There was some doubt, he told himself, that you could even call it math, although, by analysis, that was probably what it was. It was something that the scientists of Earth, no doubt, could use to make possible the engineering of the social sciences as logically and as efficiently as the common brand of math had been used to build the gadgets of the Earth.
"And the biology of that race in Andromeda," Mary said. "The ones who colonized all those crazy planets."
"Yes, I know. But Earth would have to mature a bit in its intellectual and emotional outlook before we'd venture to use it as the Andromedans did. Still, I suppose that it would have its applications."
He shuddered inwardly as he thought of how the Andromedans used it. And that, he knew, was proof that he still was a man of Earth, kin to all the bias and the prejudice and the shibboleths of the human mind. For what the Andromedans had done was only common sense. If you cannot colonize a planet in your present shape, why, then you change your shape. You make yourself into the sort of being that can live upon the planet and then you take it over in that alien shape into which you have changed yourself. If you need to be a worm, then you become a worm-or an insect or a shellfish or whatever it may take. And you change not your body only, but your mind as well, into the kind of mind that will be necessary to live upon that planet.
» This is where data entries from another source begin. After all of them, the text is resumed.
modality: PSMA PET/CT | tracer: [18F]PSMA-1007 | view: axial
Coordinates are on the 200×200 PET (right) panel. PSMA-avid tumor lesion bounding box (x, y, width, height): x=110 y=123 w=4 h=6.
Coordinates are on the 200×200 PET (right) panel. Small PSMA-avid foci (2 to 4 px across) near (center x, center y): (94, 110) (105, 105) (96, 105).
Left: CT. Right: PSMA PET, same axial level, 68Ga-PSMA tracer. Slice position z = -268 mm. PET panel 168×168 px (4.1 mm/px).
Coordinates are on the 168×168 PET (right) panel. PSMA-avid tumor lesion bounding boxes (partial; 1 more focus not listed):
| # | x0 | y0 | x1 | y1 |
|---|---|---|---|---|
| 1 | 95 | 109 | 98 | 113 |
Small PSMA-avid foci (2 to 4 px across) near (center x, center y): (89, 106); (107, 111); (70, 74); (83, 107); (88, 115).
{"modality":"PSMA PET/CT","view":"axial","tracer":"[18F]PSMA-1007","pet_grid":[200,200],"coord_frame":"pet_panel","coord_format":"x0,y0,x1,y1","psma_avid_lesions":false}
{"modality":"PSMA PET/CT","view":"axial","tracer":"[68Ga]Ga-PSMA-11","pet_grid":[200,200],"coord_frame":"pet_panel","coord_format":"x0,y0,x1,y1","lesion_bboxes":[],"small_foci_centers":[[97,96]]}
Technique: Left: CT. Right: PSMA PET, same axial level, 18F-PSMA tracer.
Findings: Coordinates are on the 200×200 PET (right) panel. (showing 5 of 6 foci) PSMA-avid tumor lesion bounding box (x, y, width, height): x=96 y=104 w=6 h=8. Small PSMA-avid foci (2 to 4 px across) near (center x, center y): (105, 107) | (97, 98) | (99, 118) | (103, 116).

"There are all the drugs," said Mary, "and the medicines. The medical knowledge that could apply to Earth. There was that little package Galactic Central sent you."
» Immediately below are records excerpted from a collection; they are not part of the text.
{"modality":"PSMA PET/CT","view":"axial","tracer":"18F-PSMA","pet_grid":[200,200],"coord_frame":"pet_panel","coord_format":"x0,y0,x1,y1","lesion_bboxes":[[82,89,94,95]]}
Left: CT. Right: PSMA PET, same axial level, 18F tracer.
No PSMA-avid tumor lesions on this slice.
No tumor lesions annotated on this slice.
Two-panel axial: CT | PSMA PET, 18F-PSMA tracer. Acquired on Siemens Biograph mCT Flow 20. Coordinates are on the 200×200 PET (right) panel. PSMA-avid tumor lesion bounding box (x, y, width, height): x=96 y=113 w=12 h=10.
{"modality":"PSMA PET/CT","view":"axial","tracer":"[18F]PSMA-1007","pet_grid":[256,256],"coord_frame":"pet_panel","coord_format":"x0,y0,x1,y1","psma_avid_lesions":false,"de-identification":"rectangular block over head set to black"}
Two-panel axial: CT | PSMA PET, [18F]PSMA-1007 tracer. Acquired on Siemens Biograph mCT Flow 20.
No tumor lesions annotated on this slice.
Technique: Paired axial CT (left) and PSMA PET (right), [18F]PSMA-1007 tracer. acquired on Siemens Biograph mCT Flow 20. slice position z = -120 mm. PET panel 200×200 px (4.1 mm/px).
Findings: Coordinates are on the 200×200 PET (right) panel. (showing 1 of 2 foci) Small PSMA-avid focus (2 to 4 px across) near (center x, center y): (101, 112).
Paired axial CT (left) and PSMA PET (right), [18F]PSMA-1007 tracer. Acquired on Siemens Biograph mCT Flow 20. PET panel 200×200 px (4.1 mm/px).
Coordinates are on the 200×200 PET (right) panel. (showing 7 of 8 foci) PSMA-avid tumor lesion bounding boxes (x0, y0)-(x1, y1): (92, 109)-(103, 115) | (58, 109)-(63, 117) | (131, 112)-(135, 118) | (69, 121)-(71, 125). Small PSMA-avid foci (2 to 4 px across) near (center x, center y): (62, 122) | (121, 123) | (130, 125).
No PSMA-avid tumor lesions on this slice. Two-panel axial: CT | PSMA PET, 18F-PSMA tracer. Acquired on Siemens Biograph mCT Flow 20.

"A packet of drugs," said Enoch, "that could cure almost every ill on Earth. That, perhaps, hurts me most of all. To know they're up there in the cupboard, actually on this planet, where so many people need them."
"You could mail out samples," David said, "to medical associations or to some drug concern."
Enoch shook his bead. "I thought of that, of course. But I have the galaxy to consider. I have an obligation to Galactic Central. They have taken great precautions that the station not be known. There are Ulysses and all my other alien friends. I cannot wreck their plans. I cannot play the traitor to them. For when you think of it, Galactic Central and the work it's doing is more important than the Earth."
"Divided loyalties," said David with slight mockery in his tone.
"That is it, exactly. There had been a time, many years ago, when I thought of writing papers for submissions to some of the scientific journals. Not the medical journals, naturally, for I know nothing about medicine. The drugs are there, of course, lying on the shelf, with directions for their use, but they are merely so many pills or powders or ointments, or whatever they may be. But there were other things I knew of, other things I'd learned. Not too much about them, naturally, but at least some hints in some new directions. Enough that someone could pick them up and go on from there. Someone who might know what to do with them."
"But look here," David said, "that wouldn't have worked out. You have no technical nor research background, no educational record. You're not tied up with any school or college. The journals just don't publish you unless you can prove yourself."